*WORK INSTRUCTION*. Scan the data for "Quick" and copy the lines it appears in.

==== SUPPLIED ENTRIES

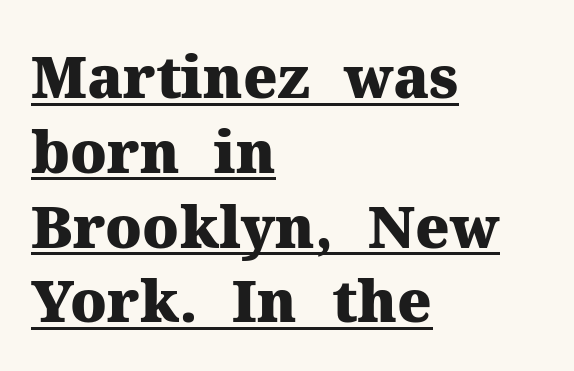
{"serif": "yes", "italic": "no", "bold": "yes", "weight": "heavy", "width": "normal", "stroke_contrast": "medium", "x_height": "medium", "monospaced": "no", "underline": "yes", "align": "left", "line_spacing": "normal", "line_spacing_ratio": 1.29, "letter_spacing": "normal", "letter_spacing_em": 0.0, "glyph_px": 58}
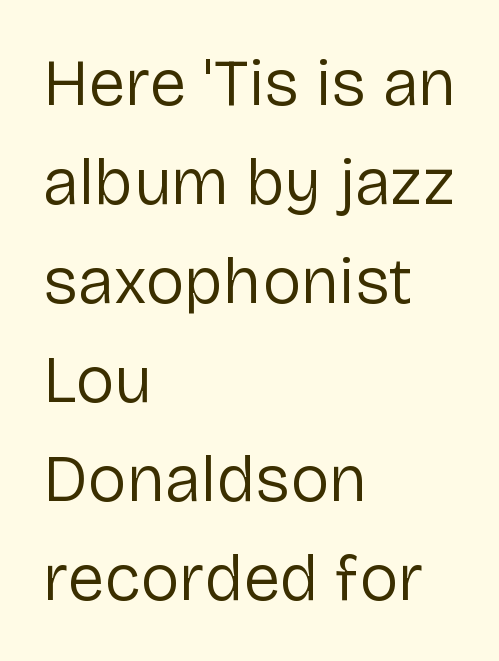
Q: Is the text bold? A: No.
Q: Is the text italic (slanted)? A: No, it is upright.
Q: Is the typeface a serif or a sans-serif typeface? A: Sans-serif.
Q: Is the text underlined? A: No.
Q: How is the paragraph aligned? A: Left-aligned.
Q: Is the spacing between letters normal or unusually wide? A: Normal.
Q: Is the spacing between lines tight, normal or loose? A: Normal.
Q: Width (condensed, normal, or wide)? A: Normal.
Q: Stroke contrast? A: Low.
Q: x-height? A: Medium.
Q: Monospaced? A: No.
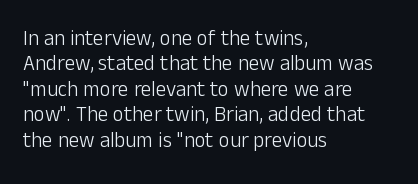
Q: Is the text bold? A: No.
Q: Is the text italic (slanted)? A: No, it is upright.
Q: Is the text underlined? A: No.
Q: How is the paragraph aligned? A: Left-aligned.
Q: Is the spacing between letters normal or unusually wide? A: Normal.
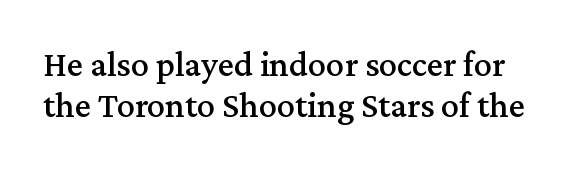
Q: Is the text italic (slanted)? A: No, it is upright.
Q: Is the typeface a serif or a sans-serif typeface? A: Serif.
Q: Is the text underlined? A: No.
Q: Is the spacing between letters normal or unusually wide? A: Normal.
Q: Is the spacing between lines tight, normal or loose? A: Tight.
Q: Width (condensed, normal, or wide)? A: Normal.
Q: Stroke contrast? A: Medium.
Q: x-height? A: Medium.
Q: Monospaced? A: No.
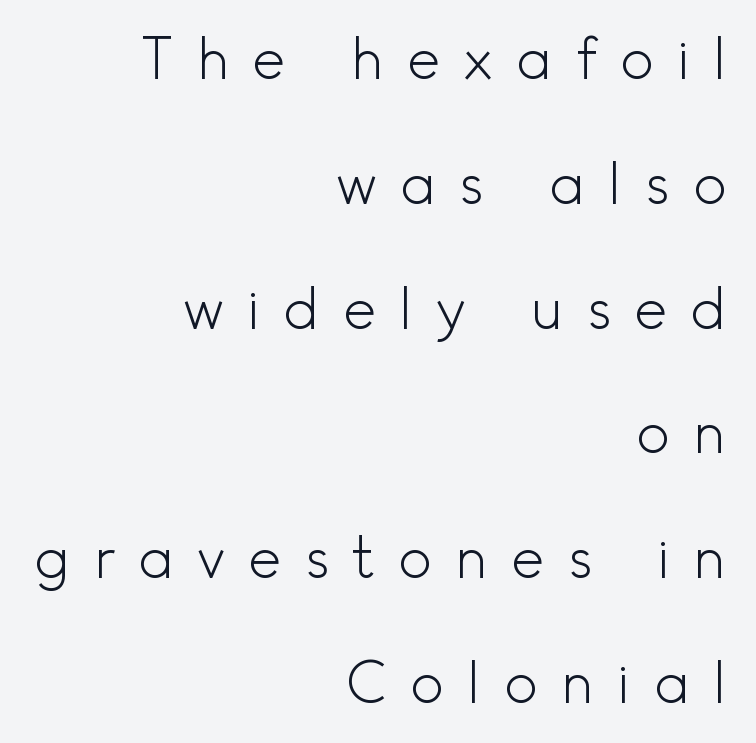
Q: Is the text bold? A: No.
Q: Is the text italic (slanted)? A: No, it is upright.
Q: Is the typeface a serif or a sans-serif typeface? A: Sans-serif.
Q: Is the text underlined? A: No.
Q: How is the paragraph aligned? A: Right-aligned.
Q: Is the spacing between letters normal or unusually wide? A: Unusually wide.
Q: Is the spacing between lines tight, normal or loose? A: Loose.
Q: Width (condensed, normal, or wide)? A: Normal.
Q: x-height? A: Small.
Q: Monospaced? A: No.
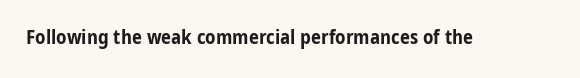
The rendering keeps characters at their native spacing. Underlining? Definitely not there. Nope, not italic — everything's standing straight. Set as a true bold cut, around the 700 mark.
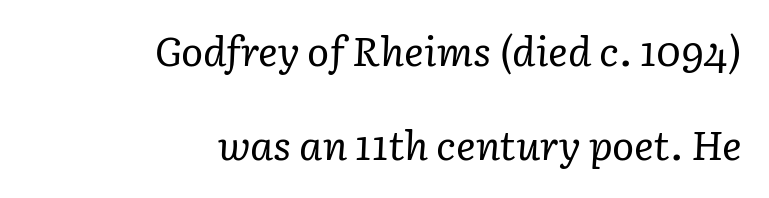
The image shows 41 px regular-weight serif type, italic (leaning right); set right-aligned, loose line spacing (2.29x), normal letter spacing, not underlined; low stroke contrast and a medium x-height.
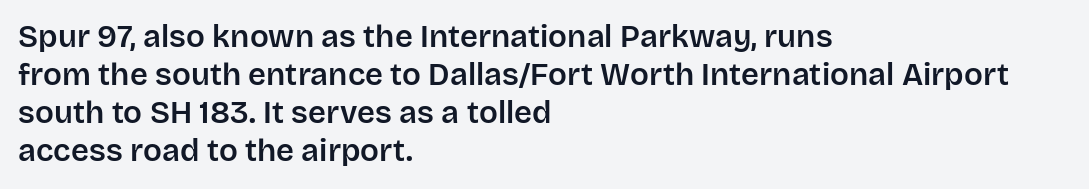
{"serif": "no", "italic": "no", "width": "normal", "stroke_contrast": "low", "x_height": "large", "monospaced": "no", "underline": "no", "align": "left", "line_spacing_ratio": 1.23, "letter_spacing": "normal", "letter_spacing_em": 0.0, "glyph_px": 31}
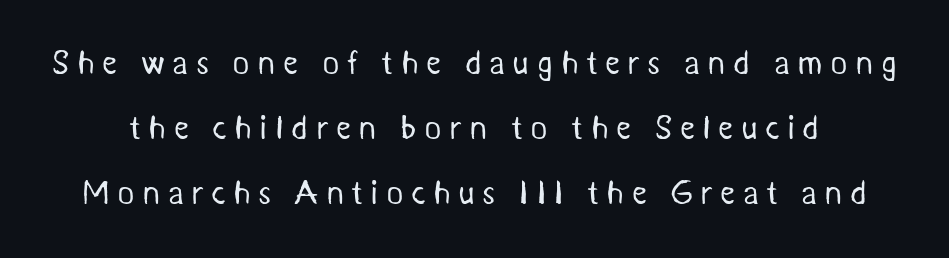
The block of text is sparse from top to bottom, with ample space between rows. Quick note: underline off. The weight tops out at a normal text grade. A typesetter would label this face a sans. The tracking reads as deliberately expanded to a designer's eye. Spacing verdict: proportional, widths tailored to each character.
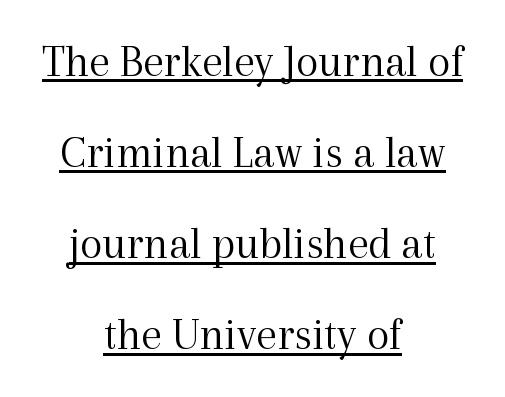
Vertically, the passage feels expansive, rows floating well apart. Proportional: the letters do not fall into vertical columns. You can see a thin bar hugging the bottom of the glyphs. Little horizontal feet cap the strokes, marking this as serif type. The letterforms sit at book weight or below. In CSS terms this would be text-align: center.
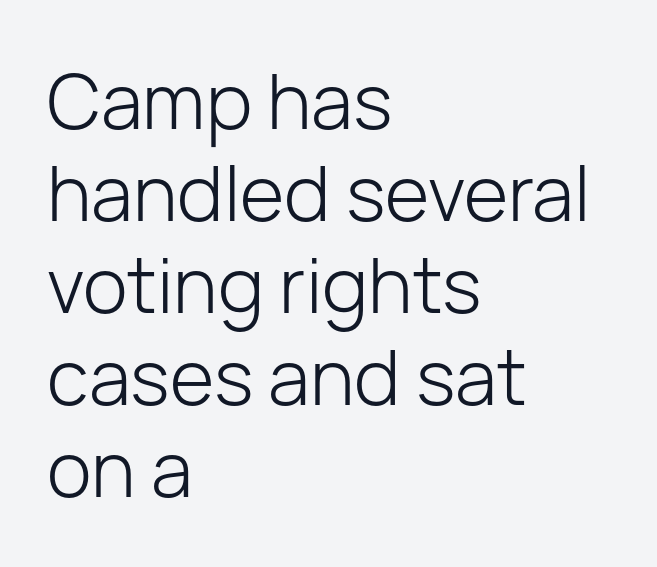
{"serif": "no", "italic": "no", "bold": "no", "weight": "light", "width": "normal", "stroke_contrast": "low", "x_height": "medium", "monospaced": "no", "underline": "no", "align": "left", "line_spacing_ratio": 1.21, "letter_spacing": "normal", "letter_spacing_em": 0.0, "glyph_px": 76}
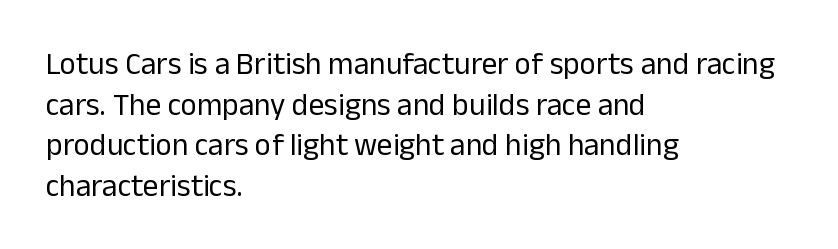
Words float on clear page, feet unadorned. Quick note: interline space is typical. The rendering uses natural spacing where letterforms have individual widths. The typesetter chose a ragged-right arrangement here. Ink coverage per letter is moderate at most. Nothing unusual about the tracking: characters are spaced as the font intends.
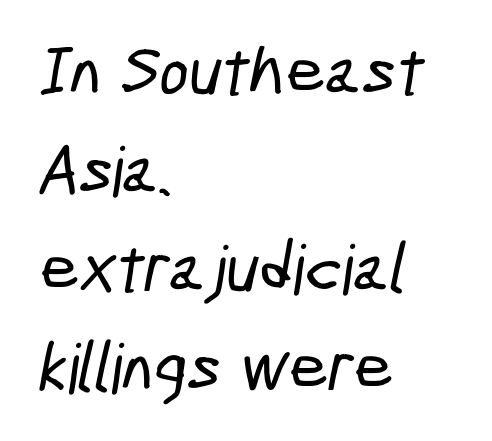
{"serif": "no", "width": "condensed", "stroke_contrast": "low", "x_height": "medium", "monospaced": "no", "underline": "no", "align": "left", "line_spacing": "normal", "line_spacing_ratio": 1.43, "letter_spacing": "normal", "letter_spacing_em": 0.0, "glyph_px": 69}
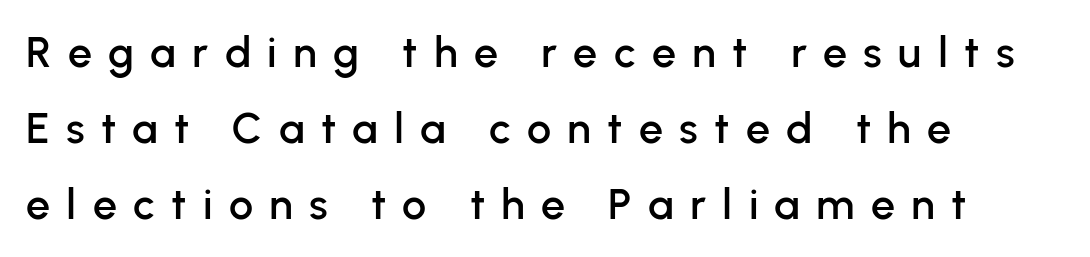
Casual observation: everything's shoved over to the left. The string is rendered with underlining switched off. The horizontal fit of the characters is loose and conspicuously gappy. This sample uses a sans-serif face. Do the characters align in a grid? No, the font is proportional. The letters stand straight up with perfectly vertical stems.
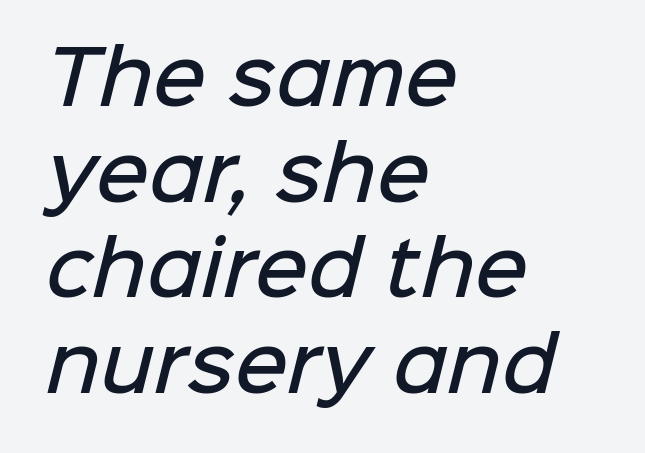
Q: Is the text bold? A: Semi-bold.
Q: Is the typeface a serif or a sans-serif typeface? A: Sans-serif.
Q: Is the text underlined? A: No.
Q: How is the paragraph aligned? A: Left-aligned.
Q: Is the spacing between letters normal or unusually wide? A: Normal.
Q: Is the spacing between lines tight, normal or loose? A: Normal.
Q: Width (condensed, normal, or wide)? A: Normal.
Q: Stroke contrast? A: Low.
Q: x-height? A: Medium.
Q: Monospaced? A: No.
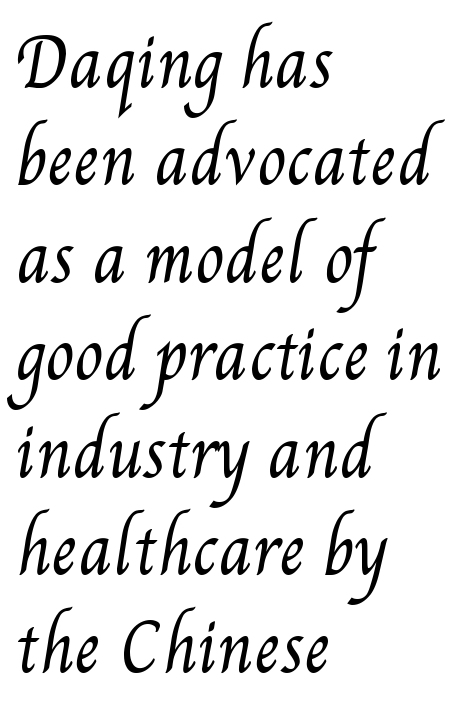
Horizontally, the lines are justified to the leading edge only. Reading down the column, the eye jumps a familiar distance to each next line. Is the type heavy? It reads as light-to-regular instead. The words here are not underlined. You could not count columns in this text — the font is proportionally spaced. Nobody touched the tracking dial on this one.
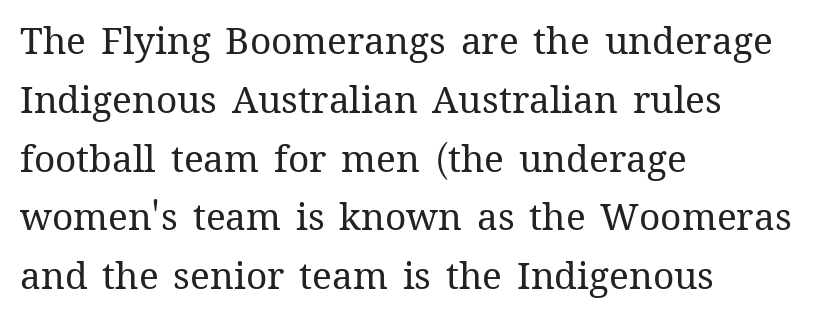
{"italic": "no", "bold": "no", "weight": "regular", "width": "normal", "stroke_contrast": "medium", "x_height": "medium", "monospaced": "no", "underline": "no", "align": "left", "line_spacing": "normal", "line_spacing_ratio": 1.59, "letter_spacing": "normal", "letter_spacing_em": 0.0, "glyph_px": 37}

========

*RESPONSE BOX*.
The block of text is sparse from top to bottom, with ample space between rows. Quick note: underline off. The weight tops out at a normal text grade. A typesetter would label this face a sans. The tracking reads as deliberately expanded to a designer's eye. Spacing verdict: proportional, widths tailored to each character.
Words float on clear page, feet unadorned. Quick note: interline space is typical. The rendering uses natural spacing where letterforms have individual widths. The typesetter chose a ragged-right arrangement here. Ink coverage per letter is moderate at most. Nothing unusual about the tracking: characters are spaced as the font intends.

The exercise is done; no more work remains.